Intratypic osteosarcoma hybrids were constructed by fusing the human osteoblast-like osteosarcoma SaOS-2 with the rat osteoblast-like osteosarcoma UMR-106. Both of these osteosarcomas express liver/bone/kidney alkaline phosphatase (ALPL), but only the UMR-106 cell line expresses osteopontin (OPN), a gene expressed during later stages of osteoblast differentiation. Analysis of osteoblast gene expression in these hybrids demonstrated that ALPL continued to be expressed; however, OPN steady-state mRNA levels were dramatically reduced in four hybrids. Quantitative measurements indicated that OPN steady-state mRNA levels were extinguished by a factor of 20- to 1000-fold. Since SaOS-2 chromosomes are preferentially lost from these hybrids, subclones of extinguished hybrids were isolated that reexpressed OPN mRNA at levels similar to the UMR-106 parental line. These data indicate that trans-acting negative regulatory factors, expressed from the SaOS-2 genome, are responsible for OPN extinction. This report provides the first demonstration of the negative regulation of OPN gene expression and also provides additional evidence that extinction plays a role in the regulation of osteoblast gene expression.

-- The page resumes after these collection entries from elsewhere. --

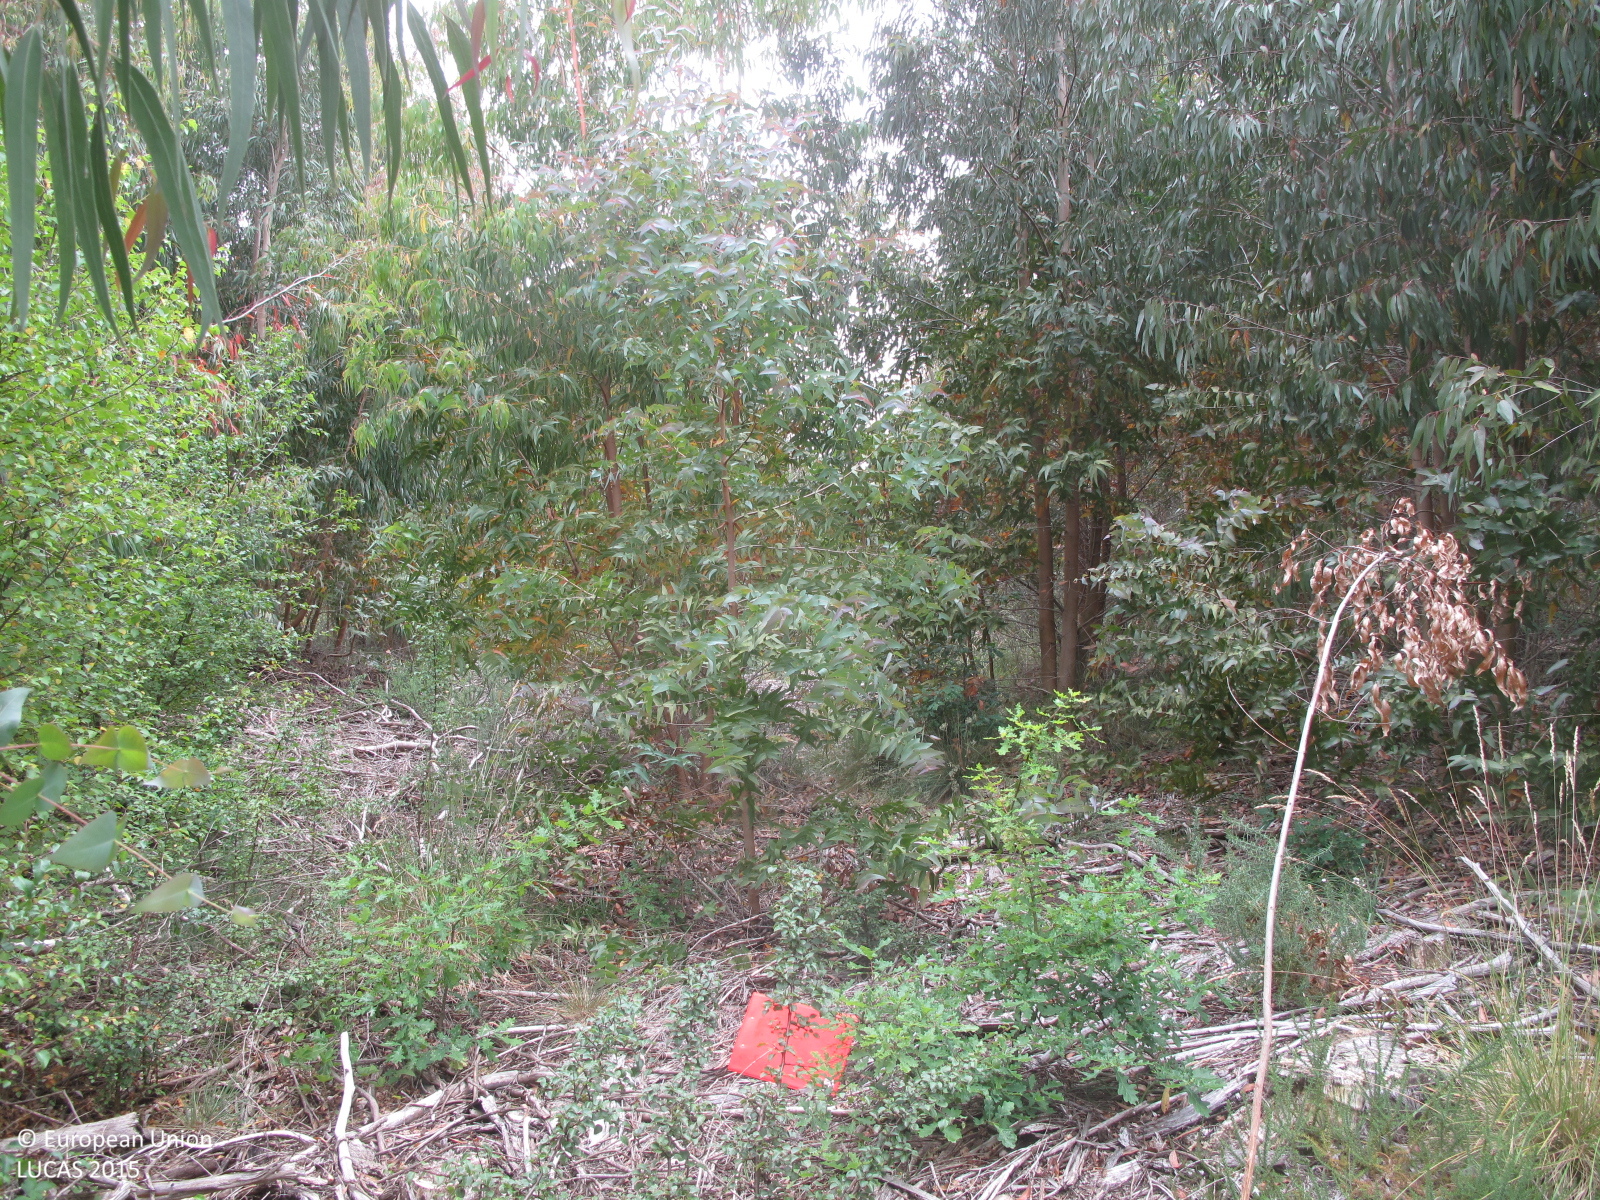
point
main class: Woodland
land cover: Broadleaved woodland
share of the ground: 50 - 75 %
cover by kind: broadleaved forest trees 70 %, shrubs 10 %, herbaceous plants 10 %, unconsolidated bare surface 10 %
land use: Forestry
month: June
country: ES
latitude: 43.1643
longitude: -8.1142

通过将人成骨细胞样骨肉瘤SaOS-2与大鼠成骨细胞样骨肉瘤UMR-106融合,构建了同型骨肉瘤杂交细胞系。这两种骨肉瘤均表达肝/骨/肾碱性磷酸酶(ALPL),但只有UMR-106细胞系表达骨桥蛋白(OPN),该基因在成骨细胞分化后期表达。对这些杂交细胞系中成骨细胞基因表达的分析表明,ALPL持续表达;然而,在四个杂交细胞系中,OPN稳态mRNA水平显著降低。定量测量表明,OPN稳态mRNA水平降低了20至1000倍。由于SaOS-2染色体在这些杂交细胞系中优先丢失,因此分离出了OPN表达熄灭的杂交细胞系的亚克隆,这些亚克隆重新表达的OPN mRNA水平与UMR-106亲代细胞系相似。这些数据表明,由SaOS-2基因组表达的反式作用负调控因子是OPN表达熄灭的原因。本报告首次证明了OPN基因表达的负调控,也提供了额外的证据表明基因表达熄灭在成骨细胞基因表达调控中起作用。